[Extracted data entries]

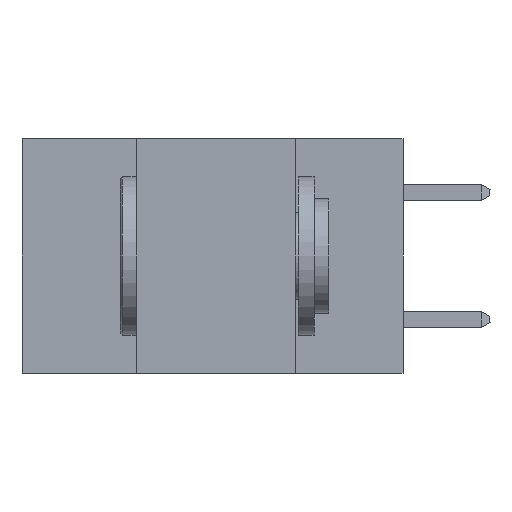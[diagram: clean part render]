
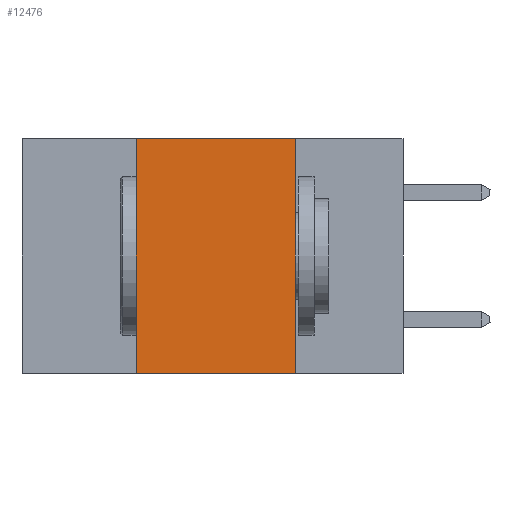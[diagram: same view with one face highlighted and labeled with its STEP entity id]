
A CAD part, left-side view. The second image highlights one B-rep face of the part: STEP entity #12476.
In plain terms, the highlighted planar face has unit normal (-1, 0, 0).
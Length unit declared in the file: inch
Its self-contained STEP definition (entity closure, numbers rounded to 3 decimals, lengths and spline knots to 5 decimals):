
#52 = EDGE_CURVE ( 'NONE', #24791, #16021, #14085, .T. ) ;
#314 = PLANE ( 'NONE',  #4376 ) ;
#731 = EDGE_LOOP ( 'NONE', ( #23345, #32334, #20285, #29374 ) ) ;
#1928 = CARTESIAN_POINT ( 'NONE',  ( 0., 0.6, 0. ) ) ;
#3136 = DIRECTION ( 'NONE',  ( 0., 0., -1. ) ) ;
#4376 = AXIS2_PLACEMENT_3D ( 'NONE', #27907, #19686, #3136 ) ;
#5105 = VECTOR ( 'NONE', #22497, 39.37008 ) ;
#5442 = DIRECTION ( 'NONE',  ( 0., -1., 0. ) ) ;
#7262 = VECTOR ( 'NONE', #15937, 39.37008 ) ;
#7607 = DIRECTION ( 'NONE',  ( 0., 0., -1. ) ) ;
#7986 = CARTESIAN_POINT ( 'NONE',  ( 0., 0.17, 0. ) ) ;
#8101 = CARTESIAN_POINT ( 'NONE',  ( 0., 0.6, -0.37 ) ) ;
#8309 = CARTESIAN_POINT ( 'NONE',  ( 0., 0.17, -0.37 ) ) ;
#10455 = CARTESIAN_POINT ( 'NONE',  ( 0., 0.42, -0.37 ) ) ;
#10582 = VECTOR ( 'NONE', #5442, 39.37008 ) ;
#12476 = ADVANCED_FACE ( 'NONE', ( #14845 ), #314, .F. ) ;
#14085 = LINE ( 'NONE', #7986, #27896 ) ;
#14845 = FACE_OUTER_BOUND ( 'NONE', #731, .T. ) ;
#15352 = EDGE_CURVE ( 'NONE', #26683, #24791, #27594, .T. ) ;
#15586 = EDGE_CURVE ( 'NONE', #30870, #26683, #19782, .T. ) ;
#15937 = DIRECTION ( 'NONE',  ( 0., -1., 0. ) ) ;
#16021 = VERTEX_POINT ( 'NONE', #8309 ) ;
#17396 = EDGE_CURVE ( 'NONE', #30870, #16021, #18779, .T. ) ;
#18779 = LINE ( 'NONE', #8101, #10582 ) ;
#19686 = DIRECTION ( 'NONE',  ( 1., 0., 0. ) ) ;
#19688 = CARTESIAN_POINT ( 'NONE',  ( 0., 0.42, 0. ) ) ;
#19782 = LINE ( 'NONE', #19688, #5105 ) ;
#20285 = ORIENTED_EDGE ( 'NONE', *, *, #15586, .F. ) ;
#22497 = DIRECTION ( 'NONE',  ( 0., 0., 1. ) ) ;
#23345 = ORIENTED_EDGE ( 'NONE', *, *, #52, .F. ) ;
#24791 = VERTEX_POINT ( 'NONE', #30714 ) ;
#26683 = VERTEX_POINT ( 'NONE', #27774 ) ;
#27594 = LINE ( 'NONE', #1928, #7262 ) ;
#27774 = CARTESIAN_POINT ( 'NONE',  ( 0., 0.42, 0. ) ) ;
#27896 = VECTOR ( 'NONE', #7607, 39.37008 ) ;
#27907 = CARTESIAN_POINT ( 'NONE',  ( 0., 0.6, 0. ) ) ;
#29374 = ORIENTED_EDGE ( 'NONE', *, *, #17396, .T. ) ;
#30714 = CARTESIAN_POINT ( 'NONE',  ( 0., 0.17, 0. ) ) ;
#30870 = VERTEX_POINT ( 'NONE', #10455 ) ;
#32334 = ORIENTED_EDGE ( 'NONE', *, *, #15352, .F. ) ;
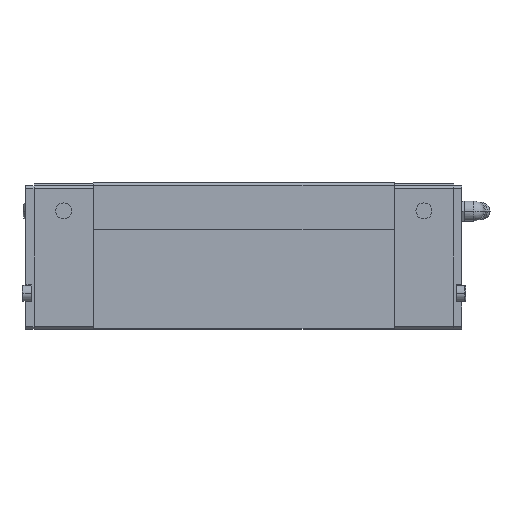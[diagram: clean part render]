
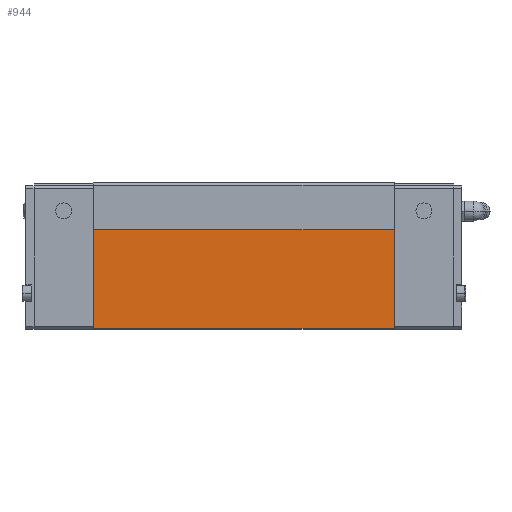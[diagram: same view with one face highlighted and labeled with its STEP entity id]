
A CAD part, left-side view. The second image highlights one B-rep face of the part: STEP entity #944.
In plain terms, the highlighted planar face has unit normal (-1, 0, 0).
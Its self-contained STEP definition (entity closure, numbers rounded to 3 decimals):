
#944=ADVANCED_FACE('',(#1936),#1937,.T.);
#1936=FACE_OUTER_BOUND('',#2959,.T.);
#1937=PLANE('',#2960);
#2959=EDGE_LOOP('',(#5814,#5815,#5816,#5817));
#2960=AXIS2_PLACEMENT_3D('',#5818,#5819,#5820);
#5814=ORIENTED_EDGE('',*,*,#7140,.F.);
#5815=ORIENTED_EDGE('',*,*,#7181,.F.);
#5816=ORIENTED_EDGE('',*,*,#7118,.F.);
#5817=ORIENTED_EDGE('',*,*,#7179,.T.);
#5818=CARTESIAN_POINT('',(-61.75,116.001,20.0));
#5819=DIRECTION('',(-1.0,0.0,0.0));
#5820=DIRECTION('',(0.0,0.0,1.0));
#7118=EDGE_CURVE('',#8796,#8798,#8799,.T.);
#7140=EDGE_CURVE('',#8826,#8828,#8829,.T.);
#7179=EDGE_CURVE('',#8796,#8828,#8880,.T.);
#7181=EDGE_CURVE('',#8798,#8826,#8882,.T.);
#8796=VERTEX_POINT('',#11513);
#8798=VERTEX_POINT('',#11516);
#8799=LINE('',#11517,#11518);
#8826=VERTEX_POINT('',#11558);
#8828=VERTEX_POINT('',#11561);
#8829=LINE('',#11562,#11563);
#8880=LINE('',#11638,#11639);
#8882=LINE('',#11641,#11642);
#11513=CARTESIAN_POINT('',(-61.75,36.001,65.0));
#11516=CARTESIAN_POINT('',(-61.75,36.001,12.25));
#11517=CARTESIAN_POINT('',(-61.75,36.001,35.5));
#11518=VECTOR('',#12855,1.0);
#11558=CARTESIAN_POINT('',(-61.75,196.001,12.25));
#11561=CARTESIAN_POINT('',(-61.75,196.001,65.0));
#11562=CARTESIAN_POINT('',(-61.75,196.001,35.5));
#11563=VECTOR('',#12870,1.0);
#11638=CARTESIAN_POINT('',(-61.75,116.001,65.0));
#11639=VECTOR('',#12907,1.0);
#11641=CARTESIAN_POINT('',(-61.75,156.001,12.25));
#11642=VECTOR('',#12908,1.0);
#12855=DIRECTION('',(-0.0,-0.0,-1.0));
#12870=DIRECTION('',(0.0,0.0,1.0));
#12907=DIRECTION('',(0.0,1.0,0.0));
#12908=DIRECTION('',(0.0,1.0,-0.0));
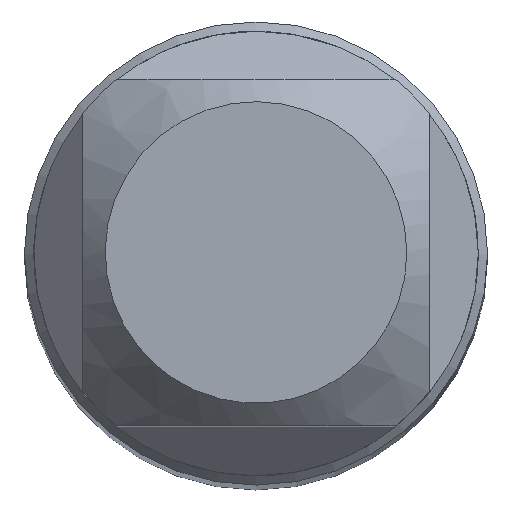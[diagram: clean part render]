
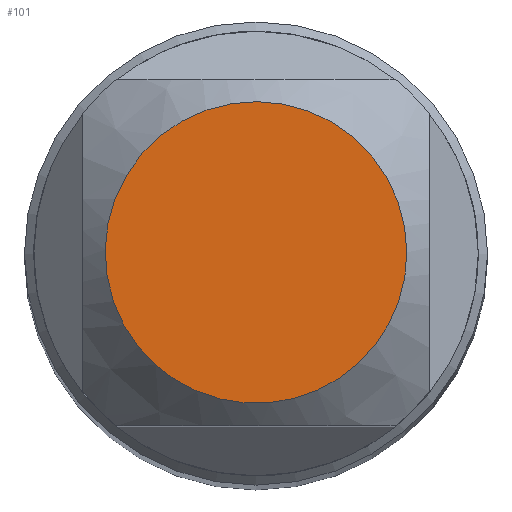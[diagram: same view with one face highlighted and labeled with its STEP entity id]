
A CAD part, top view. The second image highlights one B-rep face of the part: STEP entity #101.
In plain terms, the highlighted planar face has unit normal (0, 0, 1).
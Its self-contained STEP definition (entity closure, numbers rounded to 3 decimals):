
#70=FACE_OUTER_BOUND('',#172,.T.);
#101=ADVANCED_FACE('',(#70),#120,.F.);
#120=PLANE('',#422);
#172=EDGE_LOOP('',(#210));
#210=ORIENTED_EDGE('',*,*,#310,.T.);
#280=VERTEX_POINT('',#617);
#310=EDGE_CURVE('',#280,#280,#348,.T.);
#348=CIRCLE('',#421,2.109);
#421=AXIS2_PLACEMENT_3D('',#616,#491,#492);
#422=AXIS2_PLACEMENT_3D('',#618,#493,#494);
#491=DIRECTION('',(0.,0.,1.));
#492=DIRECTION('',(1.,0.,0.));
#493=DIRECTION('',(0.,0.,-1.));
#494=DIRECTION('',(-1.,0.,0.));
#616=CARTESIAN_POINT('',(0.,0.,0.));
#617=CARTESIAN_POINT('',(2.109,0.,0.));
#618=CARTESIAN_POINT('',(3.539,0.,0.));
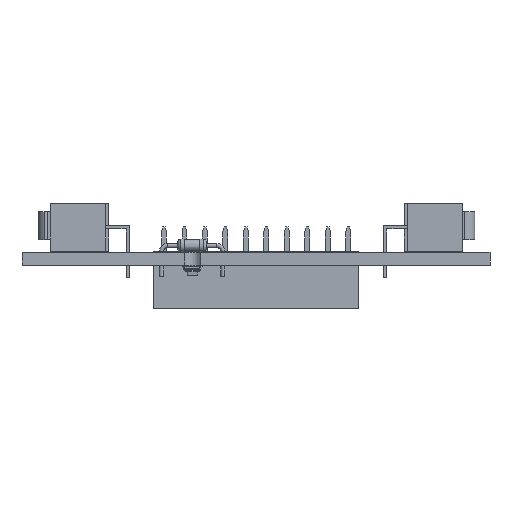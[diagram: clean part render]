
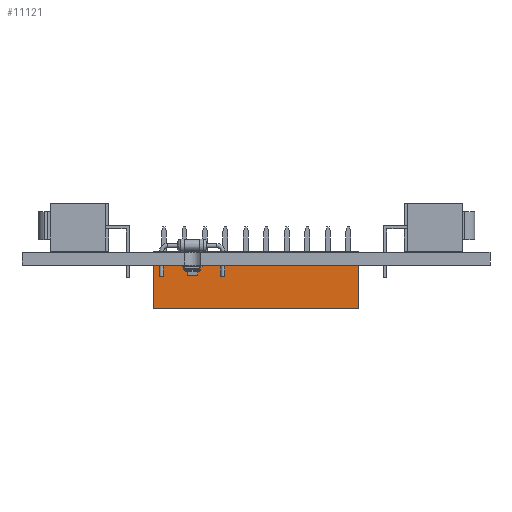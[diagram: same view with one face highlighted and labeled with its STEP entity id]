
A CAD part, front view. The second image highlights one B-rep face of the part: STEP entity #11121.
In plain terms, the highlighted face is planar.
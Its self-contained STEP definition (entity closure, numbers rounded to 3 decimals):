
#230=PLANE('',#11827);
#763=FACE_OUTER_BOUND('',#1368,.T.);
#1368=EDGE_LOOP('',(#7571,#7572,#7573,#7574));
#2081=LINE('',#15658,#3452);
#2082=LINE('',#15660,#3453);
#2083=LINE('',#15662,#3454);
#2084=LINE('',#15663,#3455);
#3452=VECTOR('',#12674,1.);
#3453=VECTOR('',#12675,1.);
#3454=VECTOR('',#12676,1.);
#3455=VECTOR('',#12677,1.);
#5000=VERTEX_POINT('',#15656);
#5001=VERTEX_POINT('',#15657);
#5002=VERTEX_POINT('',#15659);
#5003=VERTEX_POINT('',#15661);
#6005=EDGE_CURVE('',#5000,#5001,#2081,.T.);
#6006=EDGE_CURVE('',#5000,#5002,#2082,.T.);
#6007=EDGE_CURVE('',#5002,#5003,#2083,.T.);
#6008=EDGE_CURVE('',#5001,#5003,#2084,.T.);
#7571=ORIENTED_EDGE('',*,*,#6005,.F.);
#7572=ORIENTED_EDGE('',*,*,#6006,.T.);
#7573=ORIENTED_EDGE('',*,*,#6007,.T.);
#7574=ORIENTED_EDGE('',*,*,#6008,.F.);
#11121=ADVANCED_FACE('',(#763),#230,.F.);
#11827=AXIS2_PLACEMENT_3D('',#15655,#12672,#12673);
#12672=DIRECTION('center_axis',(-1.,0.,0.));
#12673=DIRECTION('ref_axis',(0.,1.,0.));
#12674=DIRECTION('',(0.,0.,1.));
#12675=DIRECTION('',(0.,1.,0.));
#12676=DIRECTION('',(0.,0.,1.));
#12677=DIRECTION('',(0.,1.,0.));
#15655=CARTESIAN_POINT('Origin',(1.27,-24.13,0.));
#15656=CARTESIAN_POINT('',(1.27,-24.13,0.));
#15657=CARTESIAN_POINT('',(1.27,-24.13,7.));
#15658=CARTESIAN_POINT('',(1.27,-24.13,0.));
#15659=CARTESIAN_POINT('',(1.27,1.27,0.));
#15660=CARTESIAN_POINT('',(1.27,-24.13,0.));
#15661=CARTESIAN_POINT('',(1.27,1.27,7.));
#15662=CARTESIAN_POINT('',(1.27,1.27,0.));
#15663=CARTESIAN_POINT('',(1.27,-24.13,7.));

Exercise:
In the data above, find the line that contains "#15586 = EDGE_CURVE" and the line that contains "#19686 = DIRECTION". Repeat exactly those lines and every line between them, and only those.

Answer to this problem:
#15586 = EDGE_CURVE ( 'NONE', #30870, #26683, #19782, .T. ) ;
#15937 = DIRECTION ( 'NONE',  ( 0., -1., 0. ) ) ;
#16021 = VERTEX_POINT ( 'NONE', #8309 ) ;
#17396 = EDGE_CURVE ( 'NONE', #30870, #16021, #18779, .T. ) ;
#18779 = LINE ( 'NONE', #8101, #10582 ) ;
#19686 = DIRECTION ( 'NONE',  ( 1., 0., 0. ) ) ;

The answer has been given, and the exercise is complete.